Repeat the full listing below verbatim and keep the images out.

━━━━━━━━━━

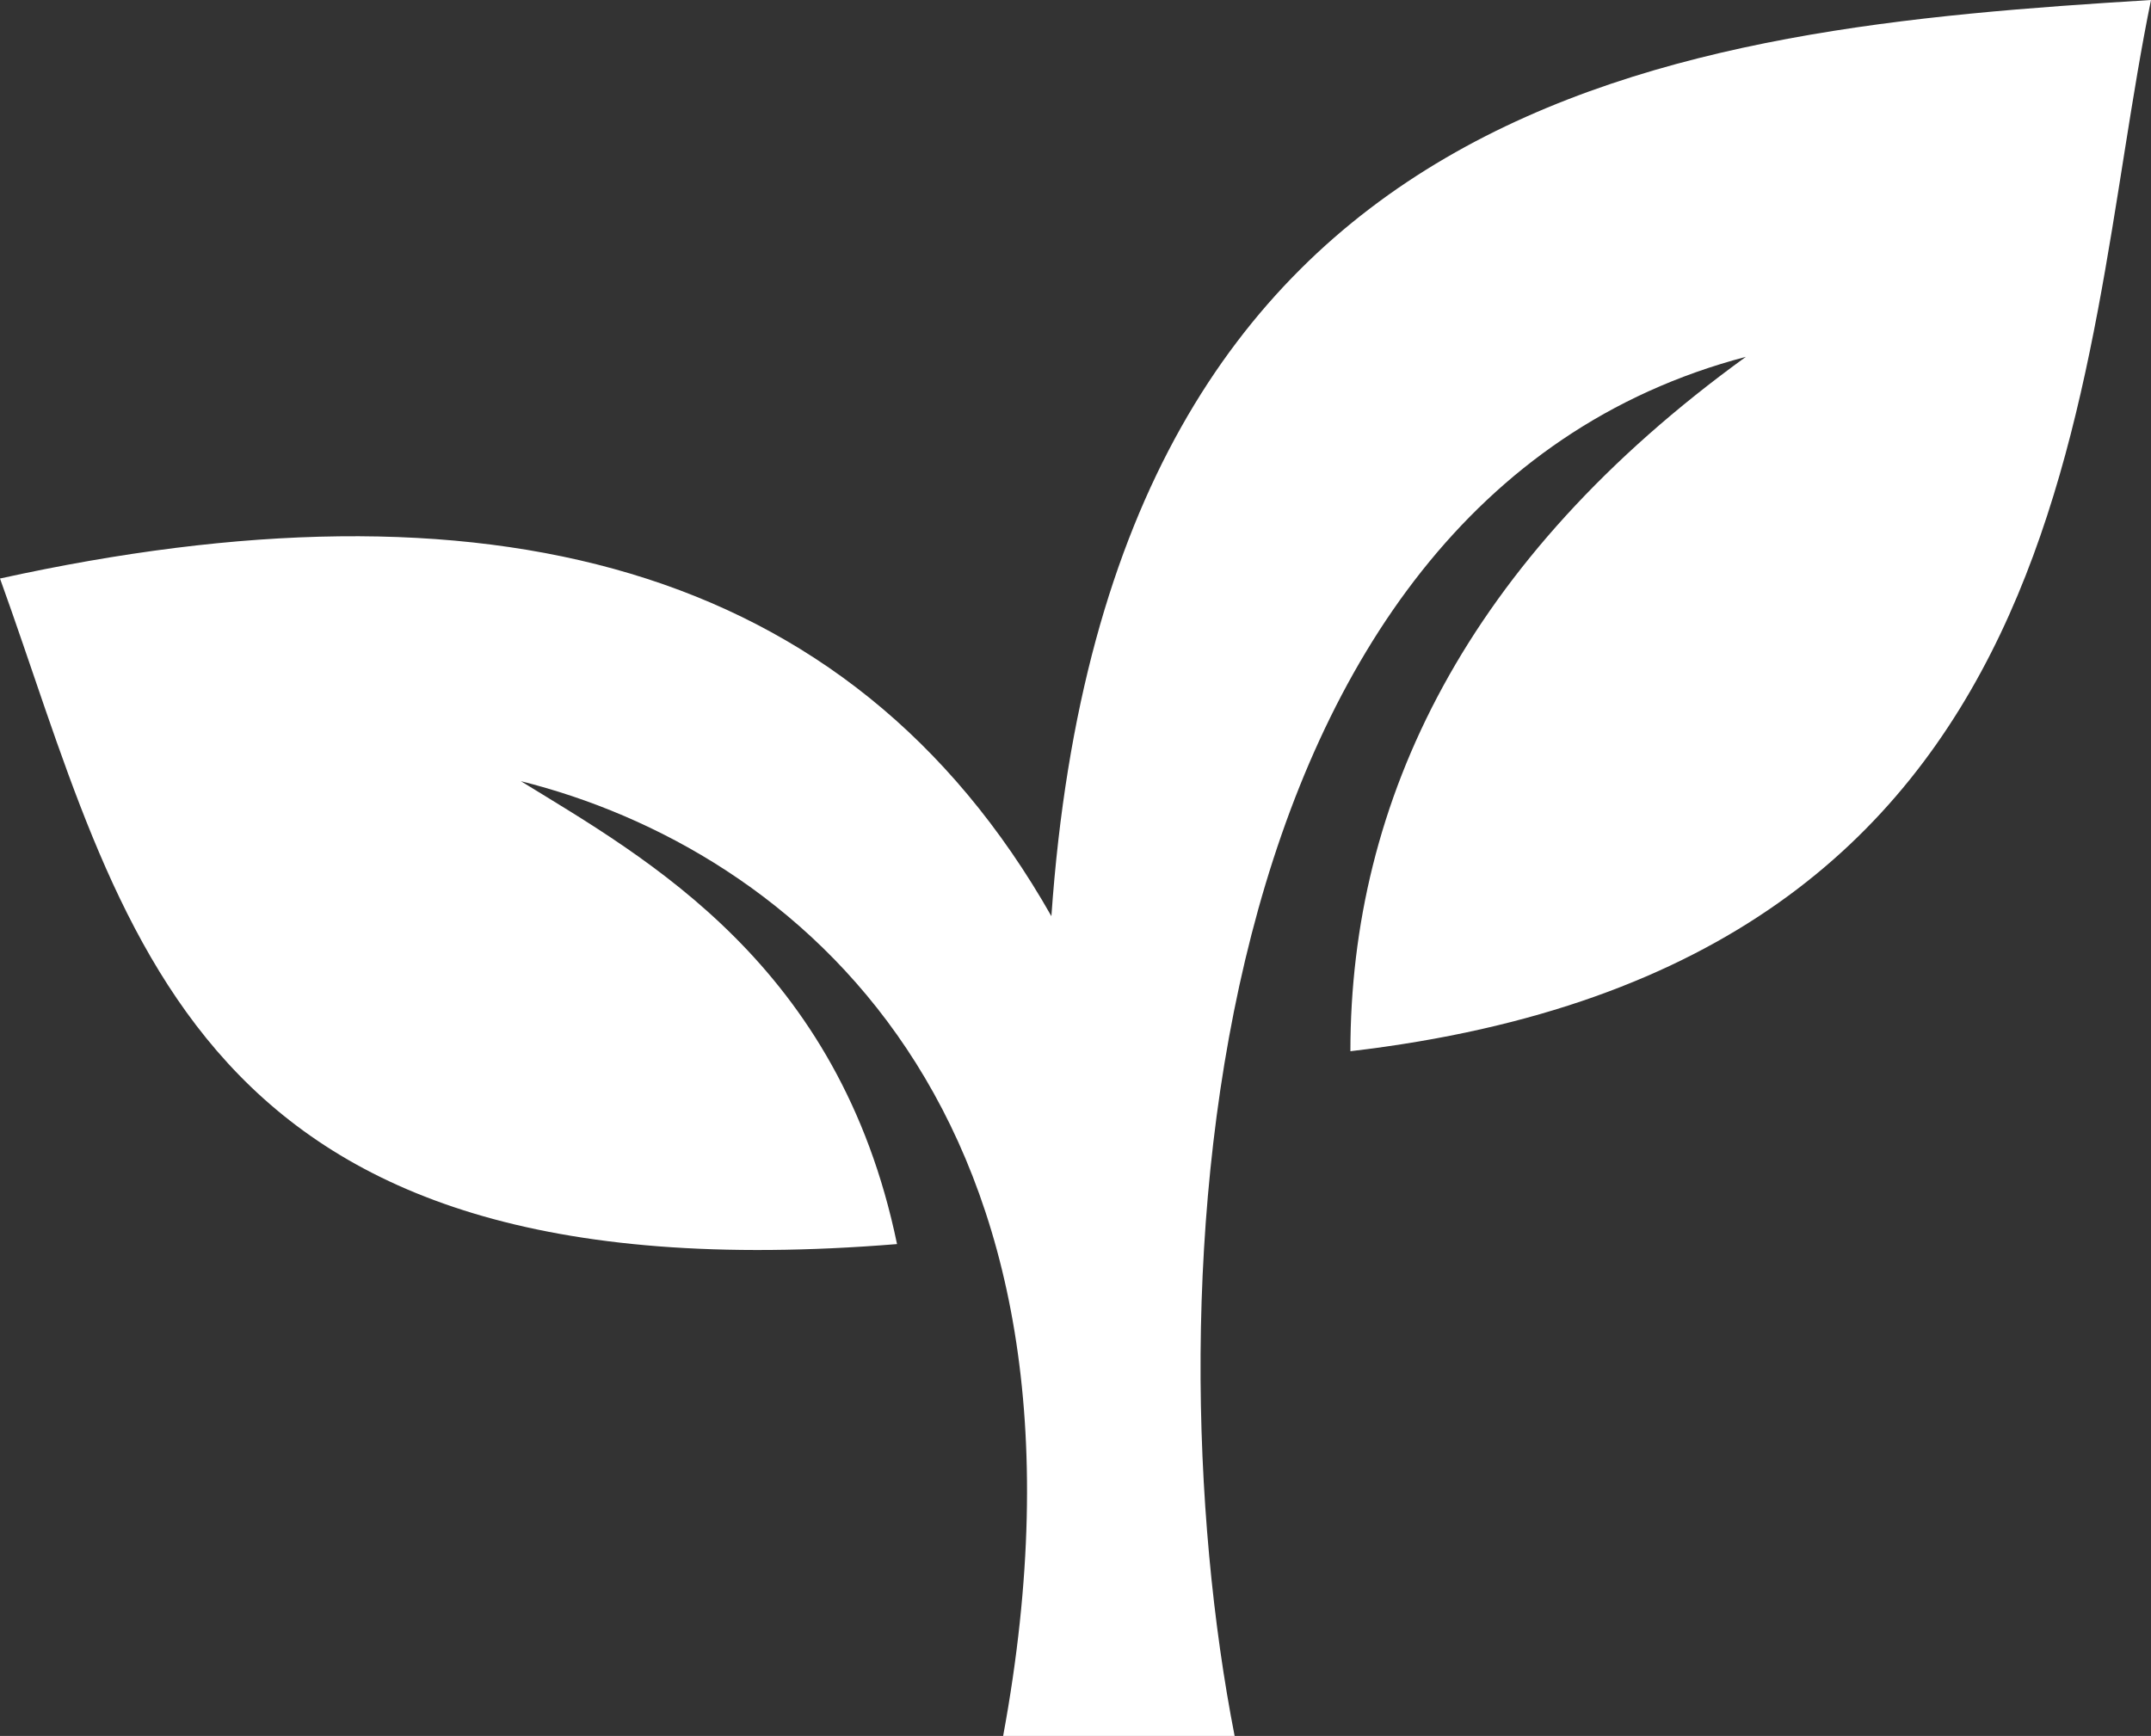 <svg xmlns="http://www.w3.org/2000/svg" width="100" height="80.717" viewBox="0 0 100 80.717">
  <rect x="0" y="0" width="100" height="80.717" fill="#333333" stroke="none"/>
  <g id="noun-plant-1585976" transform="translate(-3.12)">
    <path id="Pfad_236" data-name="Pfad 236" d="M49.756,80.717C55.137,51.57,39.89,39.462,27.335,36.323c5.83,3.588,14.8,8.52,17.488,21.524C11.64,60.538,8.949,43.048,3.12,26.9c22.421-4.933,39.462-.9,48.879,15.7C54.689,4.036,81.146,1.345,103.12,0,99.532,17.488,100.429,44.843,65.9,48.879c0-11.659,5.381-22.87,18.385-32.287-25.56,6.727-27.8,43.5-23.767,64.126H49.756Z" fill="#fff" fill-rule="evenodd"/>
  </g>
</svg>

━━━━━━━━━━

### [Answer space]
 <svg xmlns="http://www.w3.org/2000/svg" width="100" height="80.717" viewBox="0 0 100 80.717">
  <rect x="0" y="0" width="100" height="80.717" fill="#333333" stroke="none"/>
  <g id="noun-plant-1585976" transform="translate(-3.12)">
    <path id="Pfad_236" data-name="Pfad 236" d="M49.756,80.717C55.137,51.57,39.89,39.462,27.335,36.323c5.83,3.588,14.8,8.52,17.488,21.524C11.64,60.538,8.949,43.048,3.12,26.9c22.421-4.933,39.462-.9,48.879,15.7C54.689,4.036,81.146,1.345,103.12,0,99.532,17.488,100.429,44.843,65.9,48.879c0-11.659,5.381-22.87,18.385-32.287-25.56,6.727-27.8,43.5-23.767,64.126H49.756Z" fill="#fff" fill-rule="evenodd"/>
  </g>
</svg>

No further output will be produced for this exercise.